*** Opening of DATA RECORDS ***
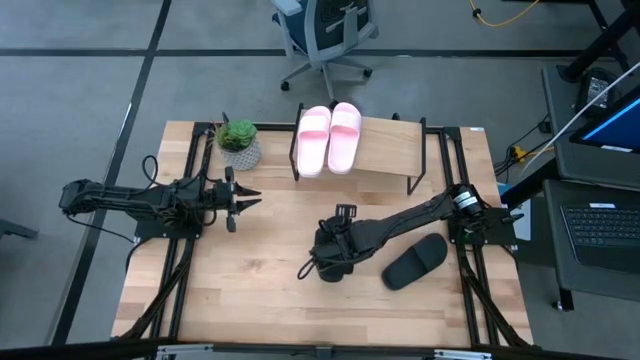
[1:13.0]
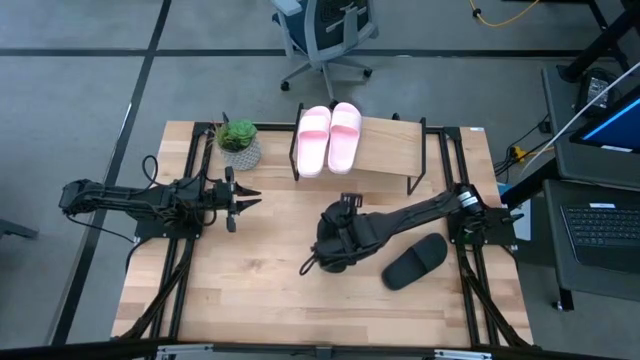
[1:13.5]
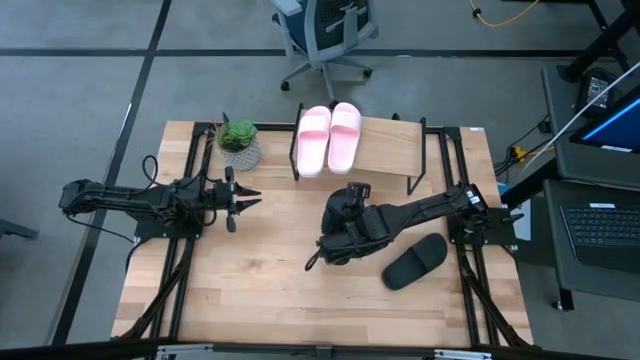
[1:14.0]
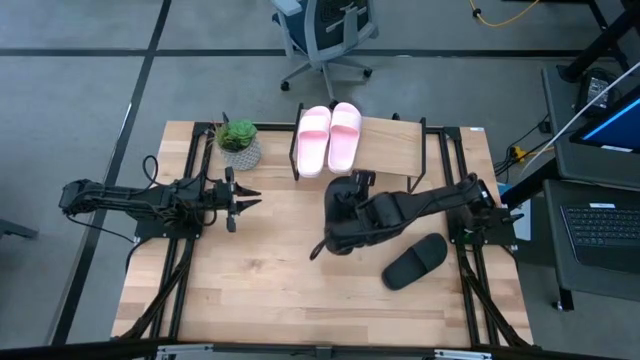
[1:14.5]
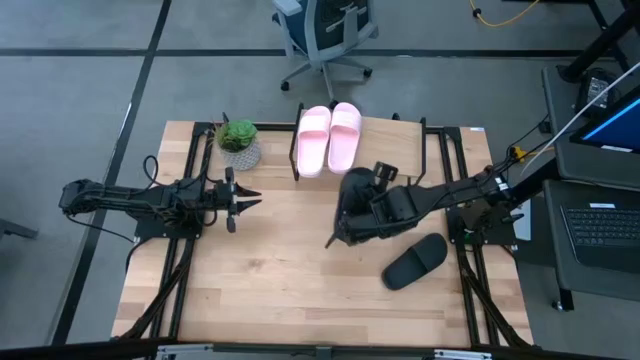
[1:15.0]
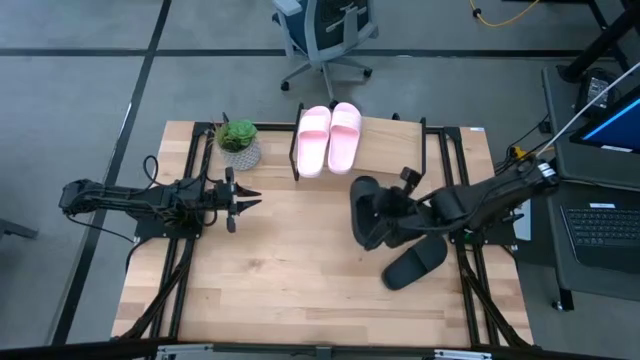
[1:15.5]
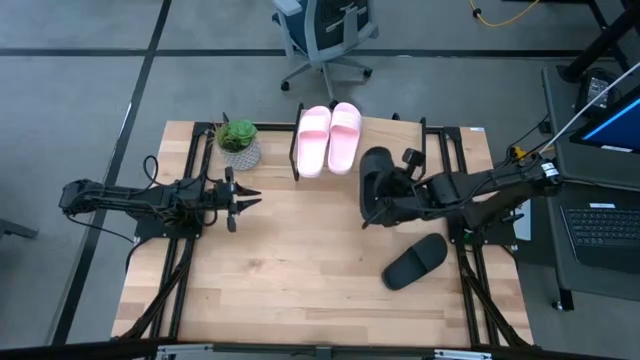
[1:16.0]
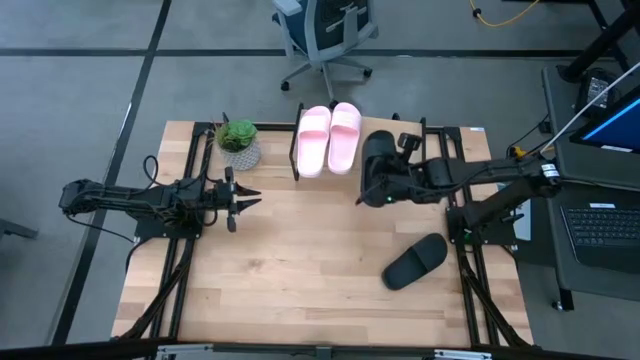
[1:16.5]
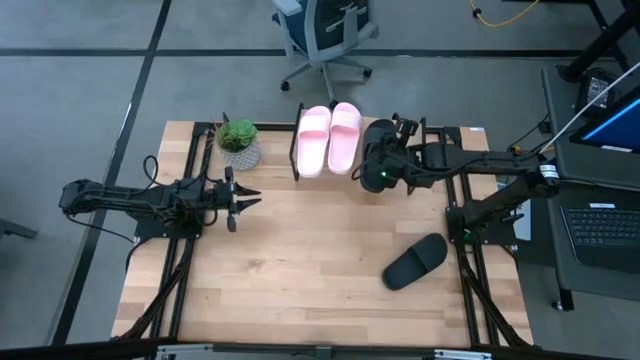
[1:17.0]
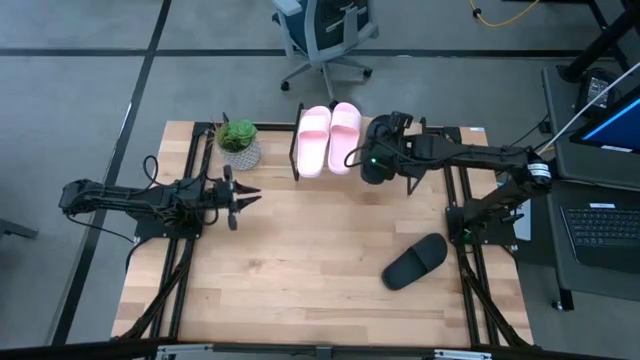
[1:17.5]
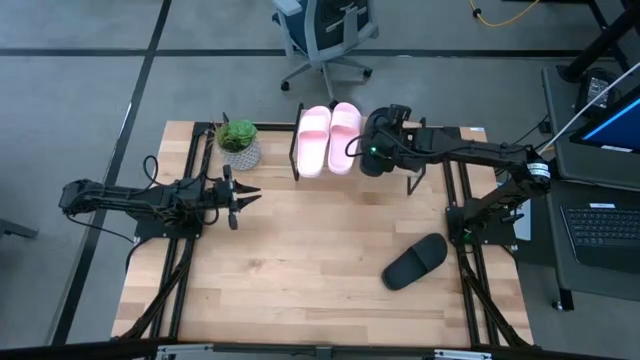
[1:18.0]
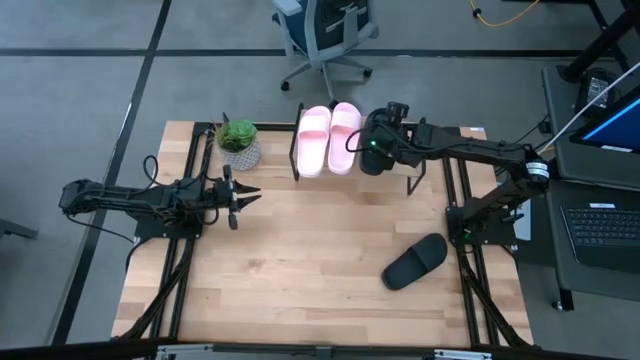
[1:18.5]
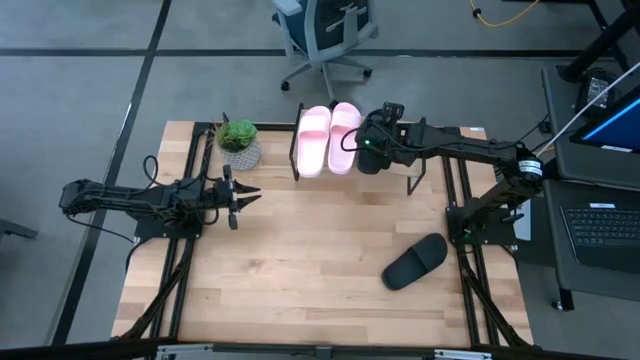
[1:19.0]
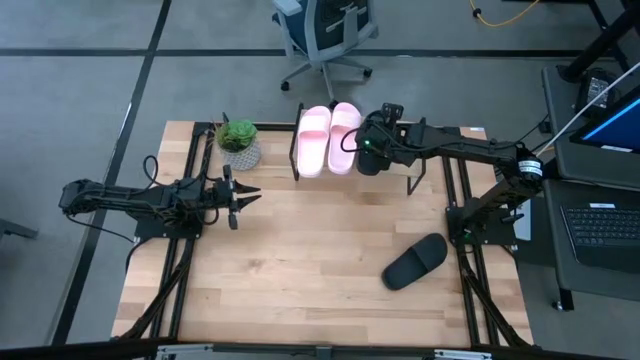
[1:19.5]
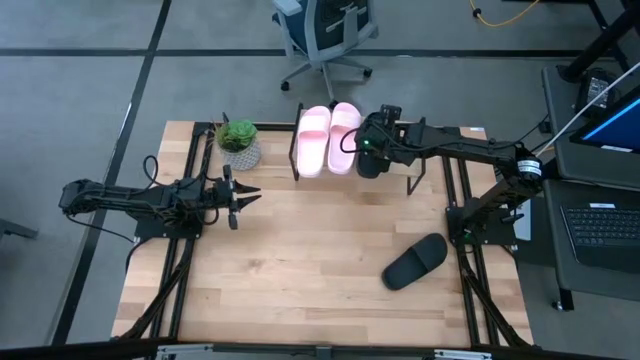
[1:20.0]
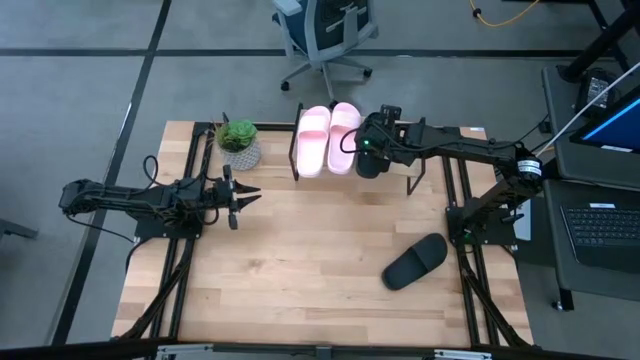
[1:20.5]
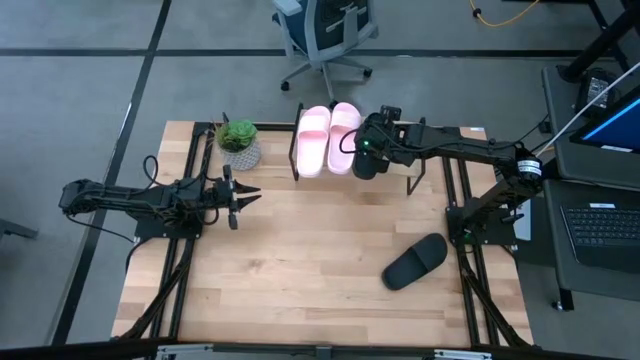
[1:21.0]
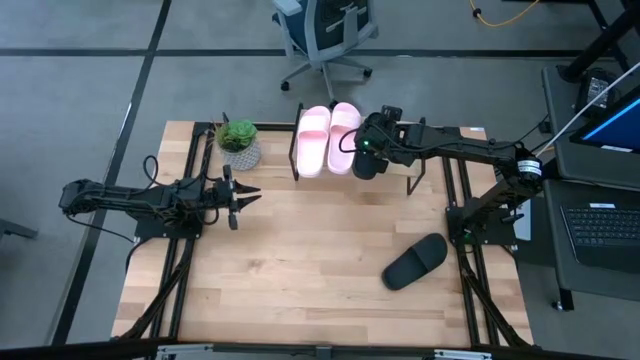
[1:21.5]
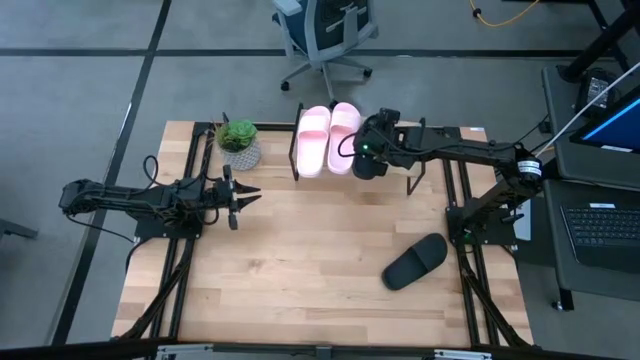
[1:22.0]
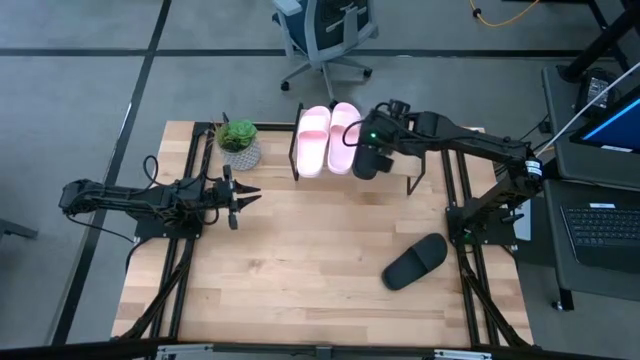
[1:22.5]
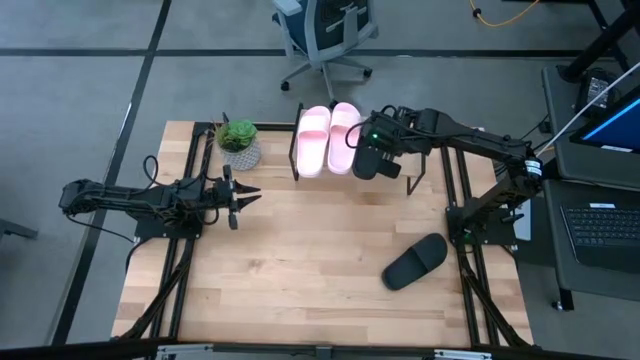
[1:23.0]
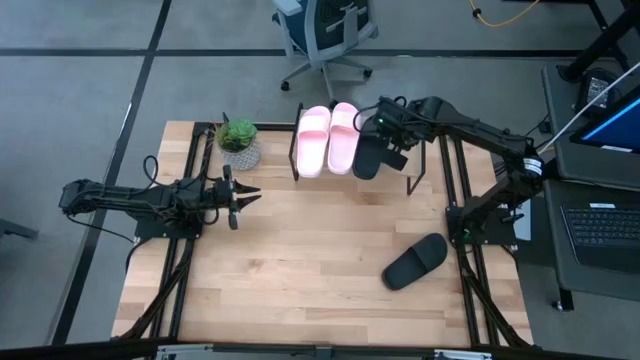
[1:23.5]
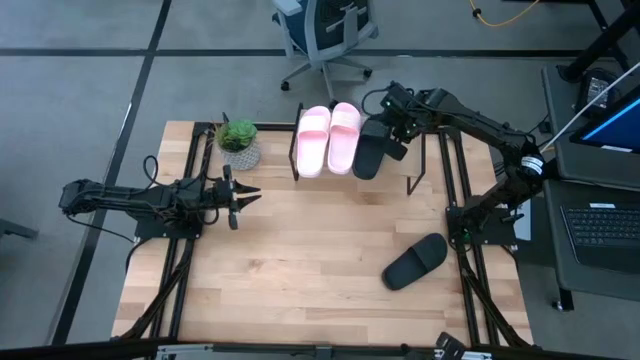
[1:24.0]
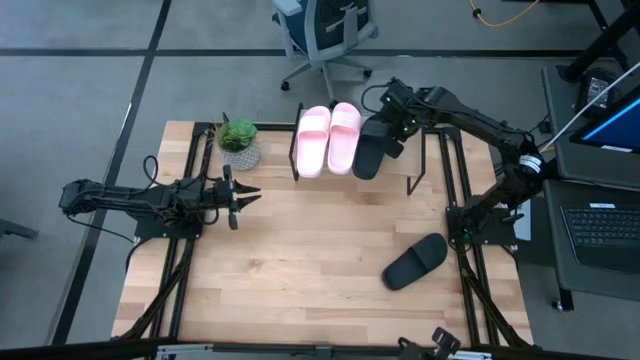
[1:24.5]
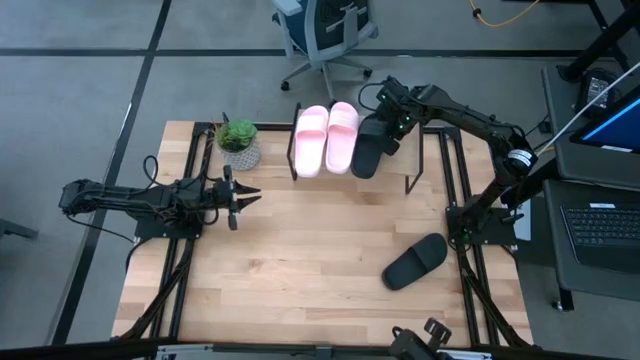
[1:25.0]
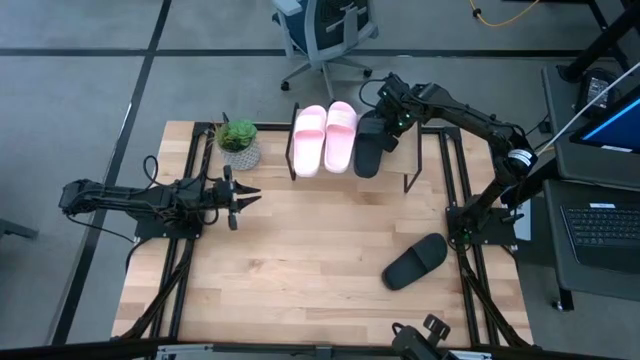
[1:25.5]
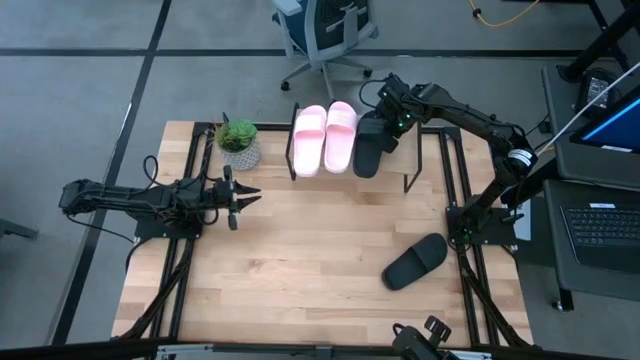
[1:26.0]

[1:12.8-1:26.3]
Task: Pick and place slides into the shelf
Put the left black slide on the shelf
*** Close of DATA RECORDS ***
BRIEF:
Copy out the listing exactly as it stands, but not the pictures.

SOLUTION TO THIS TASK:
[1:13.0]
[1:13.5]
[1:14.0]
[1:14.5]
[1:15.0]
[1:15.5]
[1:16.0]
[1:16.5]
[1:17.0]
[1:17.5]
[1:18.0]
[1:18.5]
[1:19.0]
[1:19.5]
[1:20.0]
[1:20.5]
[1:21.0]
[1:21.5]
[1:22.0]
[1:22.5]
[1:23.0]
[1:23.5]
[1:24.0]
[1:24.5]
[1:25.0]
[1:25.5]
[1:26.0]

[1:12.8-1:26.3]
Task: Pick and place slides into the shelf
Put the left black slide on the shelf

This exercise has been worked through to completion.